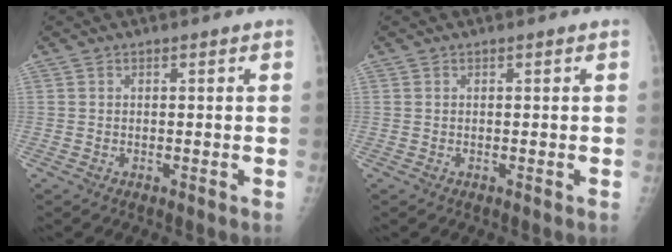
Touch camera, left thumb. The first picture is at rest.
{"total": 0.0}
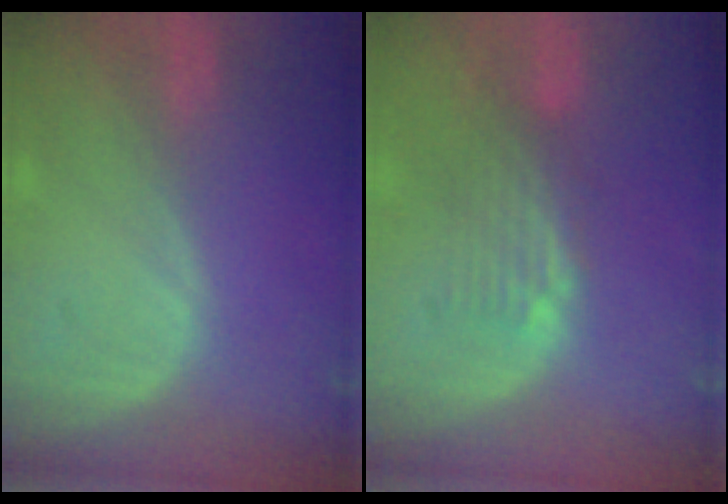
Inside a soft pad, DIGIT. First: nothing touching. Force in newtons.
{"total": 4.6, "press": 3.9, "slide": 2.4}
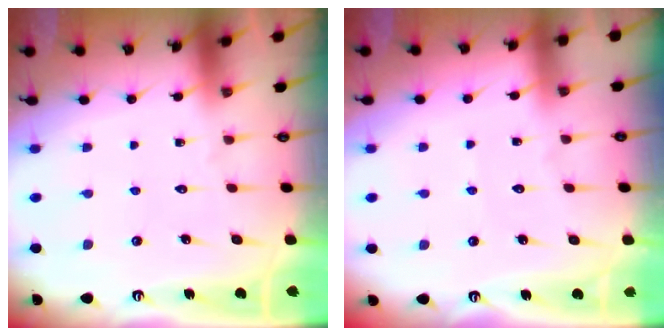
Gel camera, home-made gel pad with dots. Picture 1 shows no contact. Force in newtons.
{"total": 2.3, "press": 2.3, "slide": 0.3}
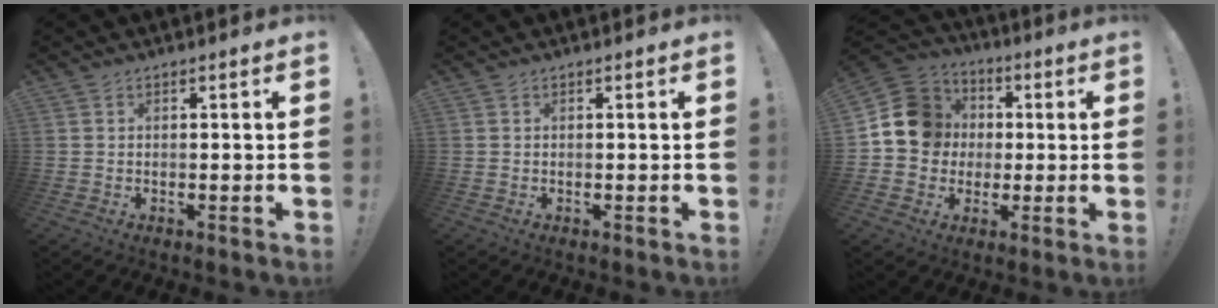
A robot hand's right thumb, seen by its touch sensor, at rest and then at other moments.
{"total": 0.0}
{"total": 14.2, "force": [1.3, 13.0, 5.4], "torque": [-0.075, 0.013, 0.035]}
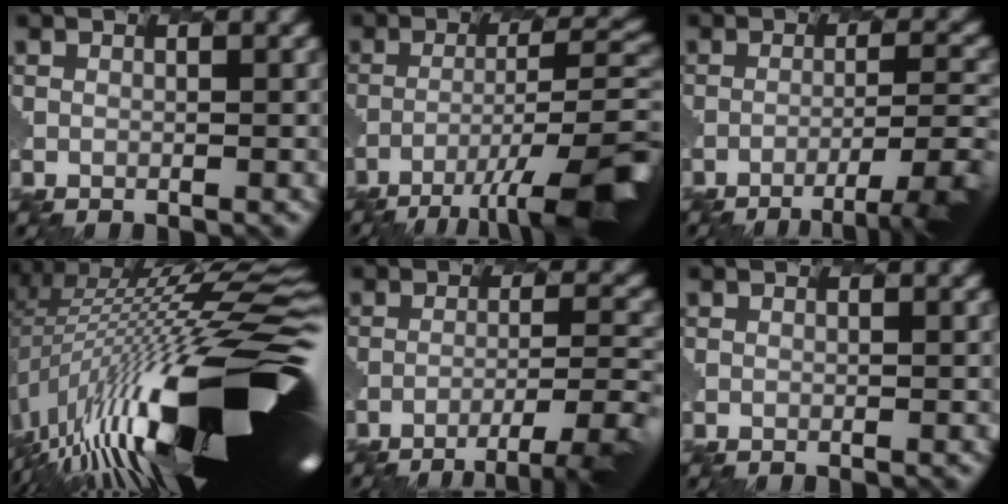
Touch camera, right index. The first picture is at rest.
{"total": 12.1, "force": [-7.0, 2.7, 9.5], "torque": [-0.174, -0.011, -0.107]}
{"total": 6.8, "force": [-4.0, 1.4, 5.3], "torque": [-0.086, -0.012, -0.047]}
{"total": 19.2, "force": [-3.6, 5.4, 18.1], "torque": [-0.283, -0.020, -0.062]}
{"total": 5.6, "force": [-3.6, 0.9, 4.2], "torque": [-0.075, -0.011, -0.043]}
{"total": 0.0}
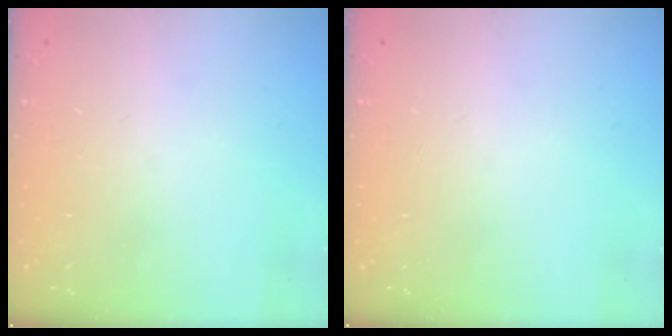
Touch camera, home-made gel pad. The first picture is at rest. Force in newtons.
{"total": 0.0}
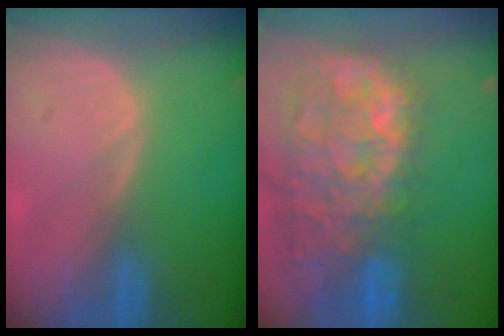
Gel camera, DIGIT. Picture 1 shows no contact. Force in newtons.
{"total": 14.9, "press": 12.0, "slide": 8.8}
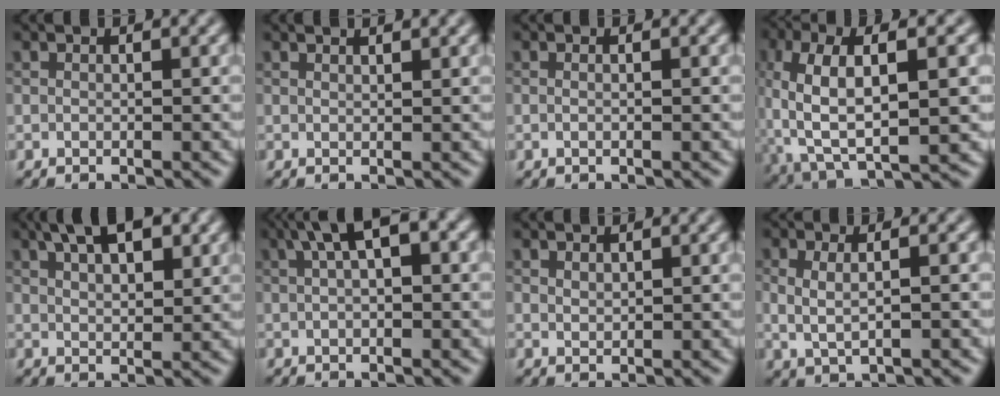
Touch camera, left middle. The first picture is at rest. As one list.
[{"total": 1.6, "force": [1.3, 0.4, 0.8], "torque": [-0.002, 0.001, 0.006]}, {"total": 1.0, "force": [0.2, 0.4, 0.9], "torque": [-0.005, -0.013, -0.006]}, {"total": 9.7, "force": [0.0, 4.2, 8.7], "torque": [-0.175, 0.002, -0.005]}, {"total": 6.1, "force": [3.3, 2.6, 4.4], "torque": [-0.062, 0.016, 0.044]}, {"total": 5.2, "force": [1.8, 1.8, 4.6], "torque": [-0.074, 0.014, 0.025]}, {"total": 0.7, "force": [0.4, 0.4, 0.3], "torque": [-0.010, 0.000, 0.010]}, {"total": 3.0, "force": [0.6, 1.4, 2.6], "torque": [-0.045, -0.004, 0.006]}]
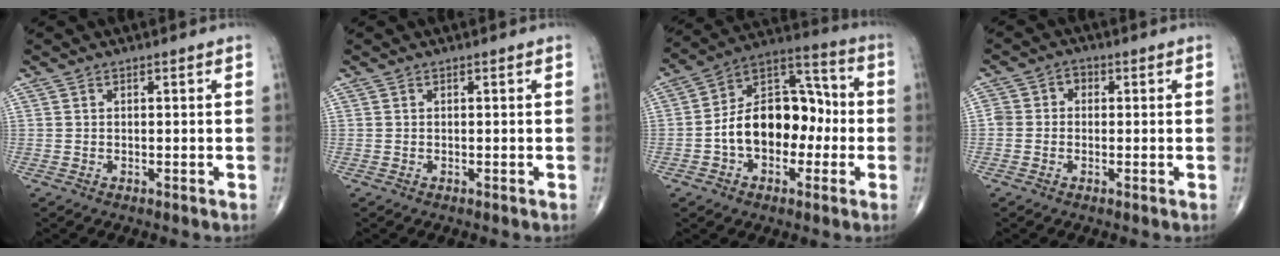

• [What to work on]:
Set down exactly and only the lines from the line that contains "Inside a soft" through the last line of the entries above, with both of those lines included and the pictures left out.

• [Result for this exercise]:
Inside a soft pad, DIGIT. First: nothing touching. Force in newtons.
{"total": 4.6, "press": 3.9, "slide": 2.4}
Gel camera, home-made gel pad with dots. Picture 1 shows no contact. Force in newtons.
{"total": 2.3, "press": 2.3, "slide": 0.3}
A robot hand's right thumb, seen by its touch sensor, at rest and then at other moments.
{"total": 0.0}
{"total": 14.2, "force": [1.3, 13.0, 5.4], "torque": [-0.075, 0.013, 0.035]}
Touch camera, right index. The first picture is at rest.
{"total": 12.1, "force": [-7.0, 2.7, 9.5], "torque": [-0.174, -0.011, -0.107]}
{"total": 6.8, "force": [-4.0, 1.4, 5.3], "torque": [-0.086, -0.012, -0.047]}
{"total": 19.2, "force": [-3.6, 5.4, 18.1], "torque": [-0.283, -0.020, -0.062]}
{"total": 5.6, "force": [-3.6, 0.9, 4.2], "torque": [-0.075, -0.011, -0.043]}
{"total": 0.0}
Touch camera, home-made gel pad. The first picture is at rest. Force in newtons.
{"total": 0.0}
Gel camera, DIGIT. Picture 1 shows no contact. Force in newtons.
{"total": 14.9, "press": 12.0, "slide": 8.8}
Touch camera, left middle. The first picture is at rest. As one list.
[{"total": 1.6, "force": [1.3, 0.4, 0.8], "torque": [-0.002, 0.001, 0.006]}, {"total": 1.0, "force": [0.2, 0.4, 0.9], "torque": [-0.005, -0.013, -0.006]}, {"total": 9.7, "force": [0.0, 4.2, 8.7], "torque": [-0.175, 0.002, -0.005]}, {"total": 6.1, "force": [3.3, 2.6, 4.4], "torque": [-0.062, 0.016, 0.044]}, {"total": 5.2, "force": [1.8, 1.8, 4.6], "torque": [-0.074, 0.014, 0.025]}, {"total": 0.7, "force": [0.4, 0.4, 0.3], "torque": [-0.010, 0.000, 0.010]}, {"total": 3.0, "force": [0.6, 1.4, 2.6], "torque": [-0.045, -0.004, 0.006]}]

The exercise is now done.